5. A robot chassis according to claim 4, characterized in that: and at least one second guard plate is also provided with an emergency stop button, and the emergency stop button is used for controlling the mechanical electronic part to stop running.

6. A robot chassis according to claim 5, characterized in that: the emergency stop button is characterized in that an anti-misoperation frame is further arranged on the periphery of the emergency stop button, and the anti-misoperation frame is higher than the emergency stop button.

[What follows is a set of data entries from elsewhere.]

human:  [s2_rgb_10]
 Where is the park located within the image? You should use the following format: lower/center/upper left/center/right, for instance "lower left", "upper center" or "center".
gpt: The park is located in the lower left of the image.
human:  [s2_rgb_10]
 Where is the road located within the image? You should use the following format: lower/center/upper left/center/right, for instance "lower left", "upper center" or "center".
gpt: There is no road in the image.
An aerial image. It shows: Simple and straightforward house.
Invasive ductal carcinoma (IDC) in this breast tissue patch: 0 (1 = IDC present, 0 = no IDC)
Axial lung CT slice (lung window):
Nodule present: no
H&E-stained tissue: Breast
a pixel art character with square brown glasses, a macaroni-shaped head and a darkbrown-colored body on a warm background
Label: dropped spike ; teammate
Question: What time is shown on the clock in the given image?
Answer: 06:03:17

7. A robot chassis according to any of claims 1 to 6, wherein: the robot chassis further comprises a driving motor, a driving shaft extends upwards from the linkage disc, the driving motor is fixedly arranged on the mounting seat and penetrates through the mounting seat to be fixedly connected with the driving shaft, and the driving motor drives the linkage disc to rotate through the driving shaft.